A study in India shows that electric boilers and heat pumps are capital-intensive and are likely to increase the cost of operations, driven by the price of electricity, which is higher than the current fuel prices per unit of energy. While the return on investment for these technologies is yet to be determined, and given that textiles is a low-margin industry, manufacturers need government and brand incentives to help switch to newer, cleaner technologies. Further, to drive emissions down further, it’s important that the national grid procures increasing amounts of clean electricity and shifts away from fossil fuels overall.

Collaboration as a catalyst for change

While the major impact of climate change lies in the supply chain, the entire value chain, including brands and other important stakeholders, must share responsibility for climate action. Collaboration with brands and stakeholders is key to reducing the risks of transitioning away from fossil fuels and creating innovative solutions that can be scaled and adopted.

First, it is crucial to accelerate R&D to find alternatives to biomass. Decarbonization isn’t just a fashion industry issue; it’s a global challenge that requires cross-industry collaboration. For example, we can learn from the tech industry, which is adopting renewables as its energy demand increases significantly with the rise of AI. 

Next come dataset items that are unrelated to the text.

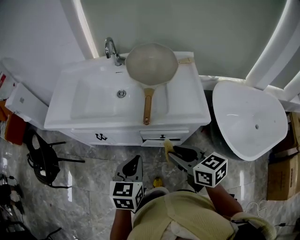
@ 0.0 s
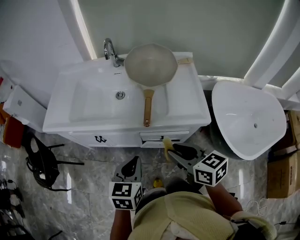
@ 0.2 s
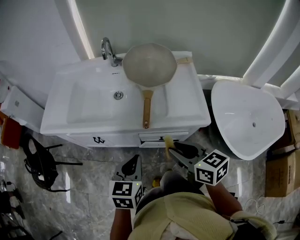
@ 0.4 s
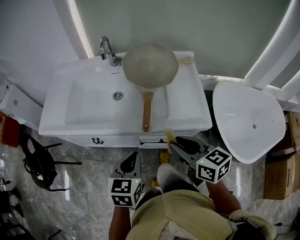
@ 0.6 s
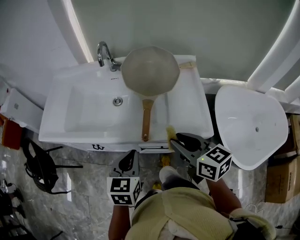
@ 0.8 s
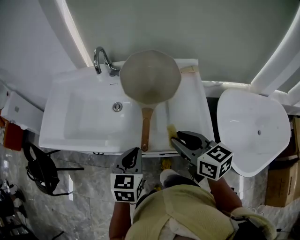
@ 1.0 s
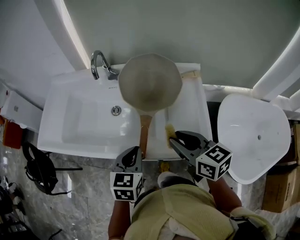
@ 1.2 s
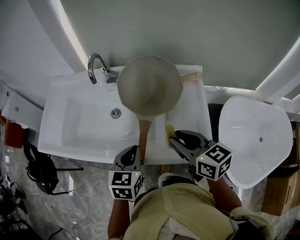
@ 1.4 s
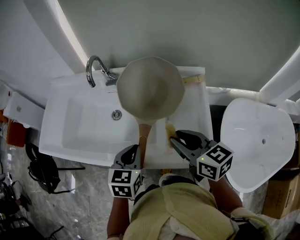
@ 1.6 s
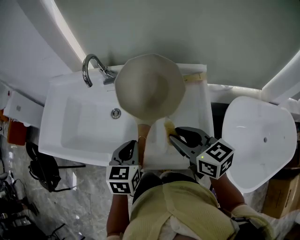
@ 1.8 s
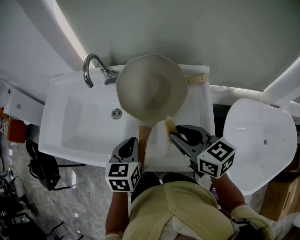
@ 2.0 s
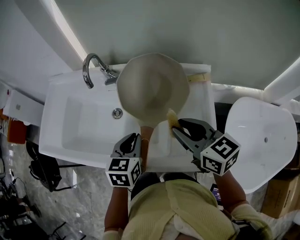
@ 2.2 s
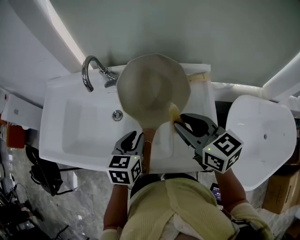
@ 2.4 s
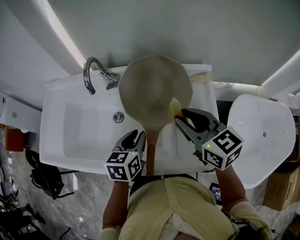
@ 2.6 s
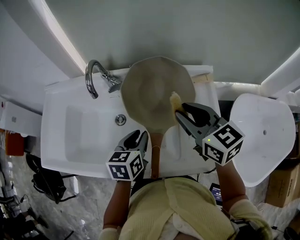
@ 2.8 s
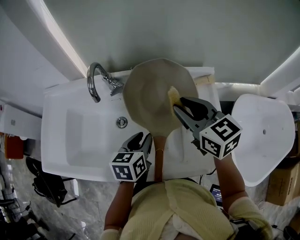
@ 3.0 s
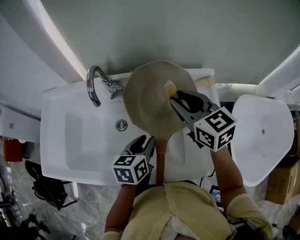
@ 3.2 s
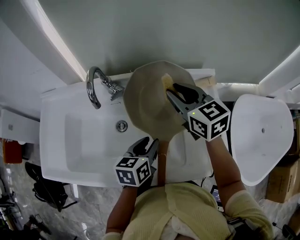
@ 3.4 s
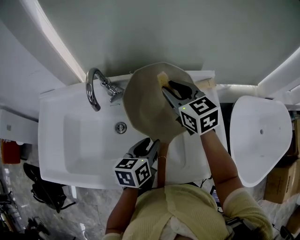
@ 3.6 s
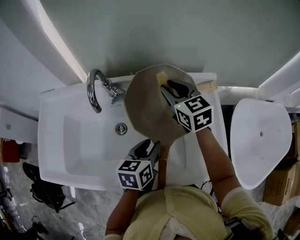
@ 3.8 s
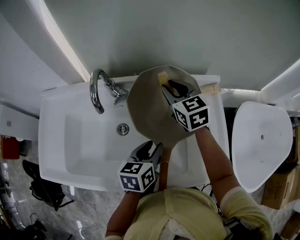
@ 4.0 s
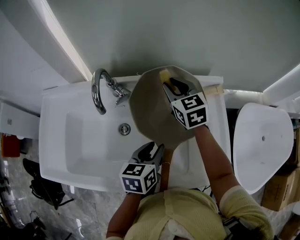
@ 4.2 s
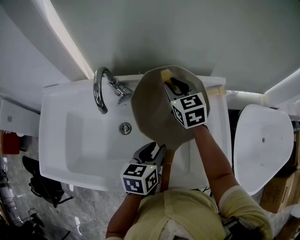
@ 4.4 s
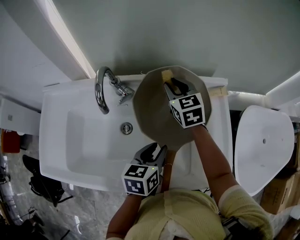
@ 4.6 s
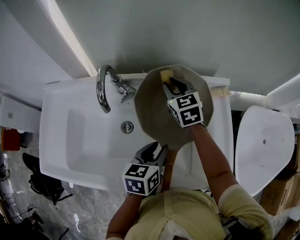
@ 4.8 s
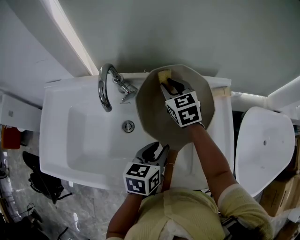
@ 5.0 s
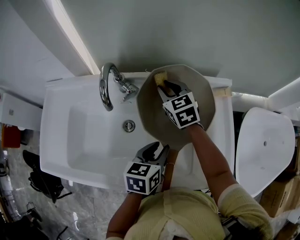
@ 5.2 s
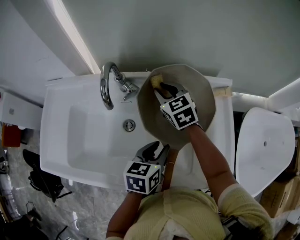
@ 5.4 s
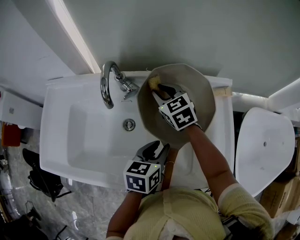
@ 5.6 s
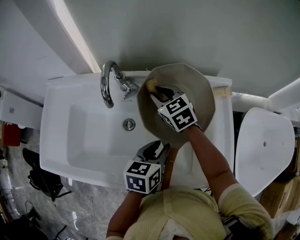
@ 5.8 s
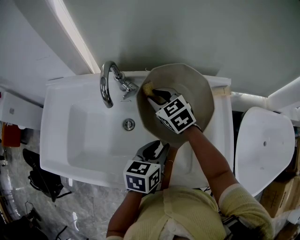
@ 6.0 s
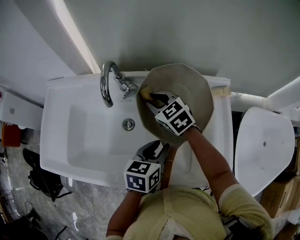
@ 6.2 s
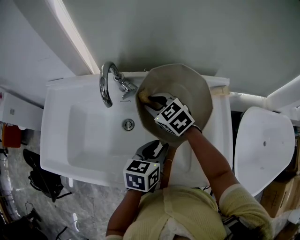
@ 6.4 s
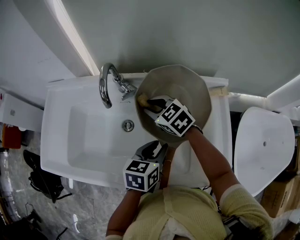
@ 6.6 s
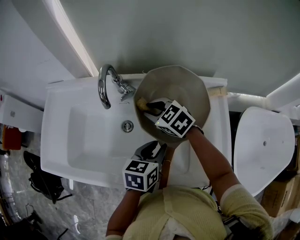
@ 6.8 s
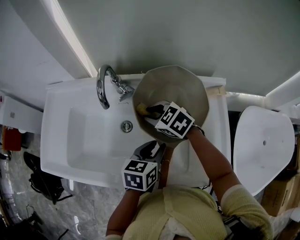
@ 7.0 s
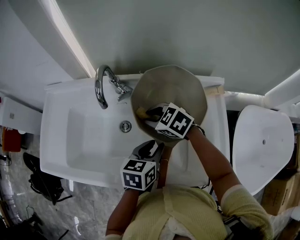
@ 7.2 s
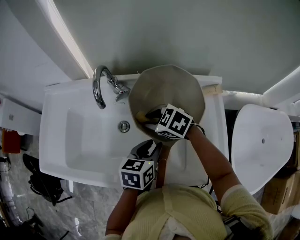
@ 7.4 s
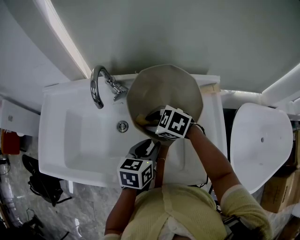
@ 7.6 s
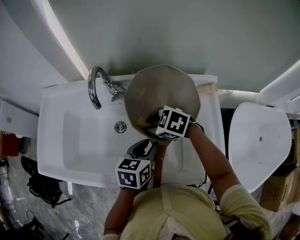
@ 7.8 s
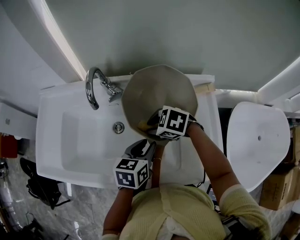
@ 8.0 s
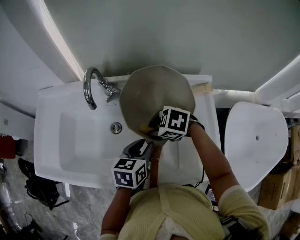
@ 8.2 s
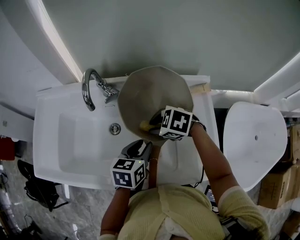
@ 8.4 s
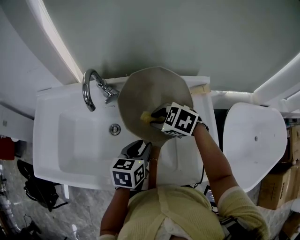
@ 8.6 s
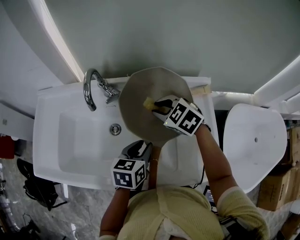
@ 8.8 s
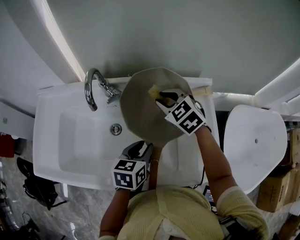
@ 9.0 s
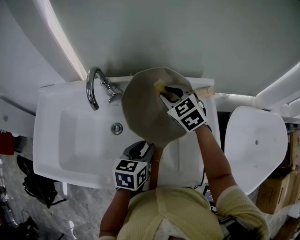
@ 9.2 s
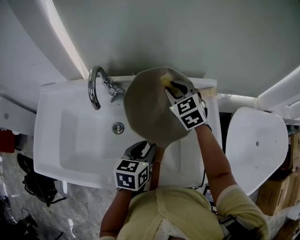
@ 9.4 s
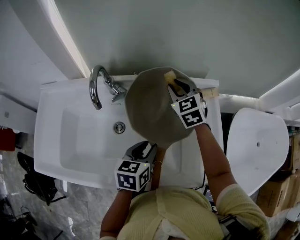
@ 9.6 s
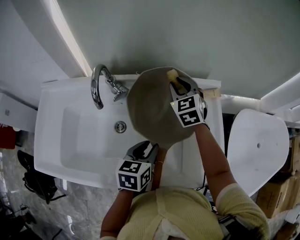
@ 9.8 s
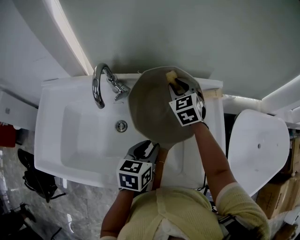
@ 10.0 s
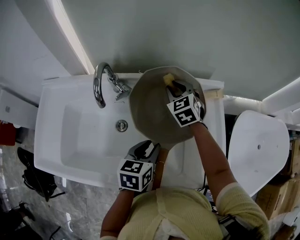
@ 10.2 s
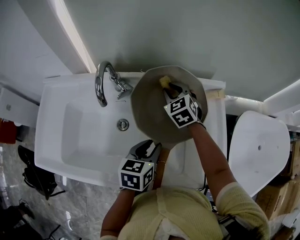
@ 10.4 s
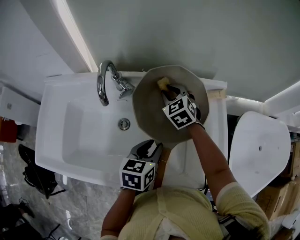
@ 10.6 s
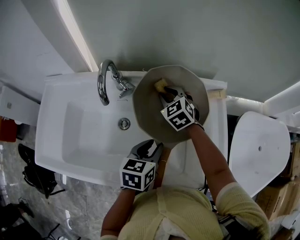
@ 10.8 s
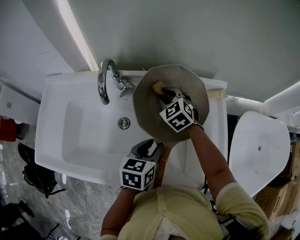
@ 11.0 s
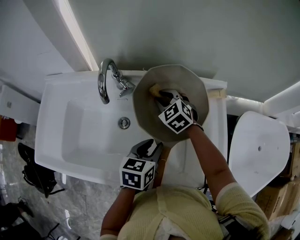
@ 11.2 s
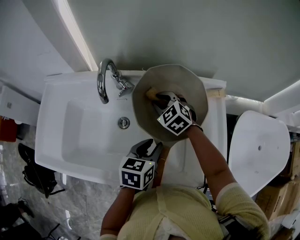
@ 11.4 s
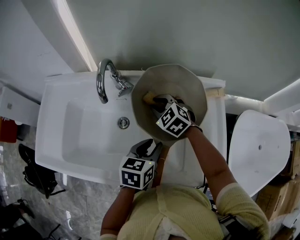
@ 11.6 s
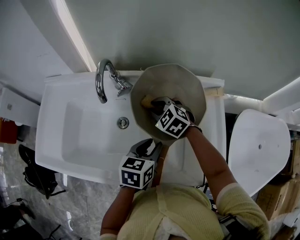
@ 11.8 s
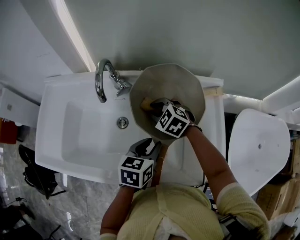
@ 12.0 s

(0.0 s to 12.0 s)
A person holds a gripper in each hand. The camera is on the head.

Second, sharing the financial burden requires not only brand support but also financial institutions. Manufacturers can benefit from funding for higher-risk, long-term investments, such as infrastructure changes needed for climate adaptation that go beyond debt. 

Finally, reimagining suppliers as value-adding co-creators rather than just implementers ensures sustainability strategies align more closely with real-world operations. 

By aligning goals, pooling resources, and fostering transparent partnerships, we can develop scalable, unified solutions to decarbonize the industry.